Spark connector hive catalog
With the Apache Gravitino Spark connector, accessing data or managing metadata in Hive catalogs becomes straightforward, enabling seamless federation queries across different Hive catalogs.
Capabilities
Supports most DDL and DML operations in SparkSQL, except such operations:
- Function operations
- Partition operations
- View operations
- Querying UDF
LOAD
clauseCREATE TABLE LIKE
clauseTRUCATE TABLE
clause
Don't support reading and writing tables with org.apache.hadoop.hive.serde2.OpenCSVSerde
row format.
Requirement
- Hive metastore 2.x
- HDFS 2.x or 3.x
SQL example
// Suppose hive_a is the Hive catalog name managed by Gravitino
USE hive_a;
CREATE DATABASE IF NOT EXISTS mydatabase;
USE mydatabase;
// Create table
CREATE TABLE IF NOT EXISTS employees (
id INT,
name STRING,
age INT
)
PARTITIONED BY (department STRING)
STORED AS PARQUET;
DESC TABLE EXTENDED employees;
INSERT OVERWRITE TABLE employees PARTITION(department='Engineering') VALUES (1, 'John Doe', 30), (2, 'Jane Smith', 28);
INSERT OVERWRITE TABLE employees PARTITION(department='Marketing') VALUES (3, 'Mike Brown', 32);
SELECT * FROM employees WHERE department = 'Engineering';
Catalog properties
Gravitino spark connector will transform below property names which are defined in catalog properties to Spark Hive connector configuration.

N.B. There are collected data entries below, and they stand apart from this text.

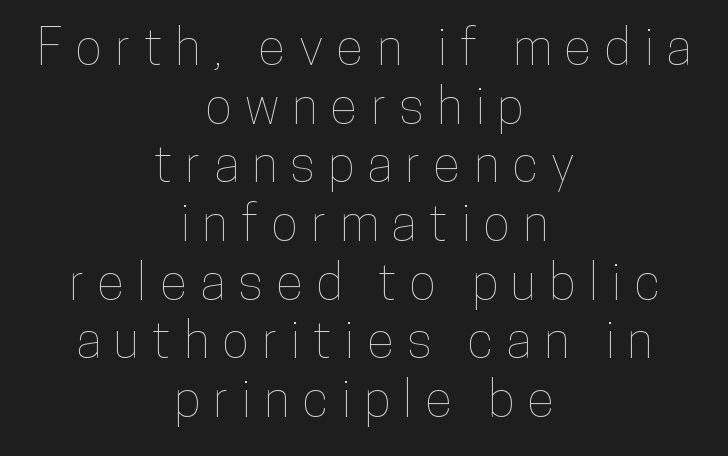
Letter spacing: wide. Casual observation: everything's sitting right in the middle. Students, observe: this is what under-led, compact text looks like. You could not count columns in this text — the font is proportionally spaced. Italic? Not at all — the glyphs are vertical.
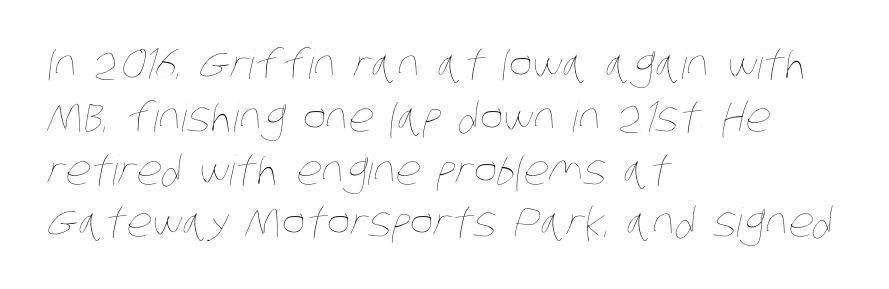
The space between consecutive lines is moderate. These lines are rendered in a variable-pitch font. Spacing between characters is what you'd get straight out of the box. Teacher's note: observe the even left margin — that is flush-left alignment. A quiet, ordinary-to-light weight characterises the typeface. Letters rest on an invisible, unmarked baseline.
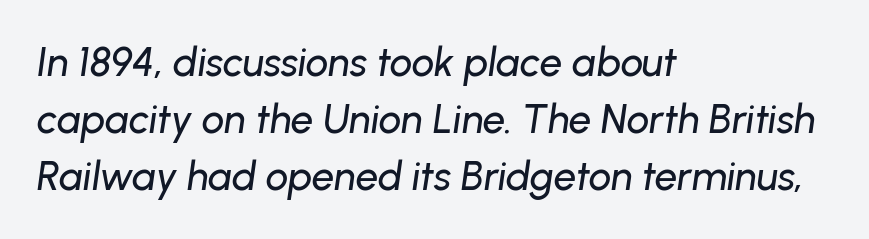
A typesetter would mark this as italic. The designer left line spacing at the default. The words here are not underlined. The letterforms sit shoulder to shoulder at normal distance. Do the characters align in a grid? No, the font is proportional. Is the block centered? No — it sits flush against the left margin.
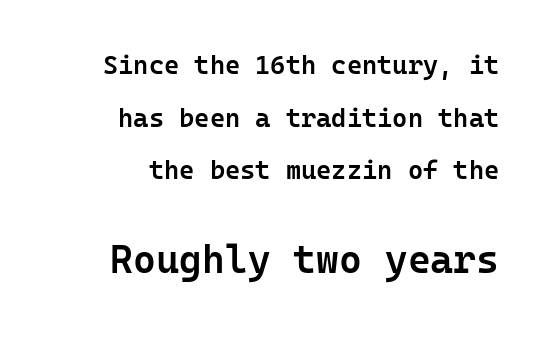
Unmarked baselines from the first word to the last. The more generous point size was reserved for the lower chunk. The passage shown is semibold, sitting just below true bold. The tracking reads as untouched default to a designer's eye. Honestly, the rows look like they've been pulled way apart. The passage shown is typed in a monospace face where columns stay perfectly aligned.
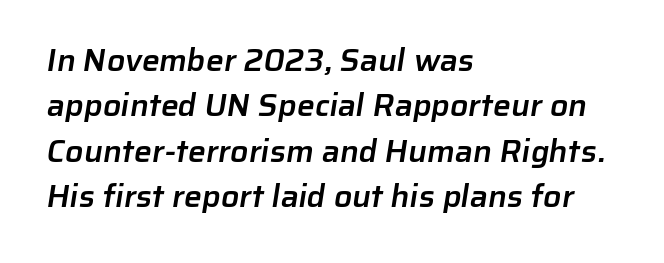
{"serif": "no", "bold": "semi", "weight": "semibold", "width": "normal", "stroke_contrast": "low", "x_height": "medium", "monospaced": "no", "underline": "no", "align": "left", "line_spacing": "normal", "line_spacing_ratio": 1.42, "letter_spacing": "normal", "letter_spacing_em": 0.0, "glyph_px": 32}
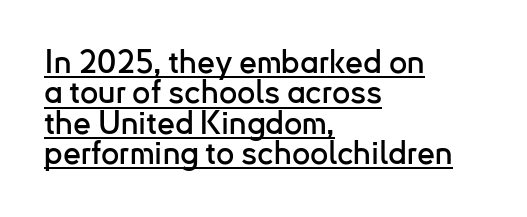
The type sits square on the baseline with zero lean. The rendering uses the underline text-decoration. Note the varied advance widths — an 'i' is clearly narrower than an 'm'. The face used here is rendered with its standard letterfit. Leading: reduced.
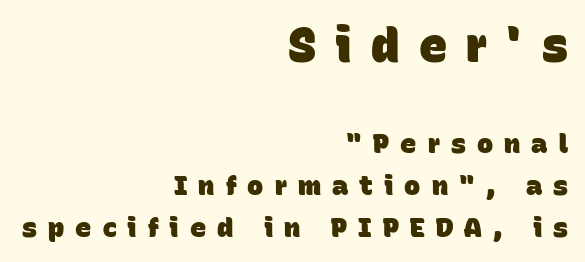
The image shows 47 px heavy sans-serif type; set right-aligned, normal line spacing (1.55x), unusually wide letter spacing (+0.41 em), not underlined; the first (top) block is 1.74x larger; low stroke contrast and a large x-height.
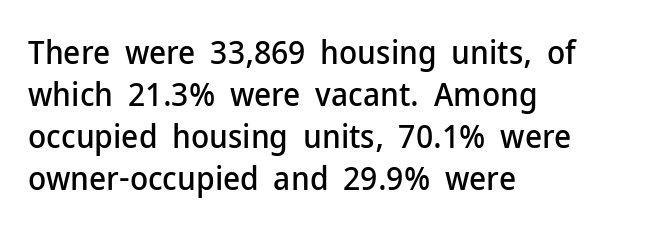
{"serif": "no", "italic": "no", "width": "normal", "stroke_contrast": "low", "x_height": "medium", "monospaced": "no", "underline": "no", "align": "left", "line_spacing": "normal", "line_spacing_ratio": 1.27, "letter_spacing": "normal", "letter_spacing_em": 0.0, "glyph_px": 33}
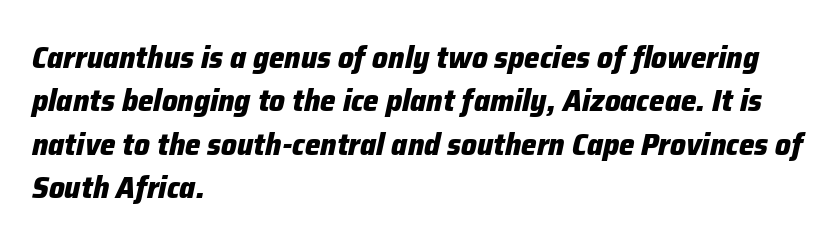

Property name in Gravitino catalog properties | Spark Hive connector configuration | Description | Since Version |
---|---|---|---|
metastore.uris | hive.metastore.uris | Hive metastore uri address | 0.5.0 |
Gravitino catalog property names with the prefix spark.bypass.
are passed to Spark Hive connector. For example, using spark.bypass.hive.exec.dynamic.partition.mode
to pass the hive.exec.dynamic.partition.mode
to the Spark Hive connector.
When using the spark-sql
shell client, you must explicitly set the spark.bypass.spark.sql.hive.metastore.jars
in the Gravitino Hive catalog properties. Replace the default builtin
value with the appropriate setting for your setup.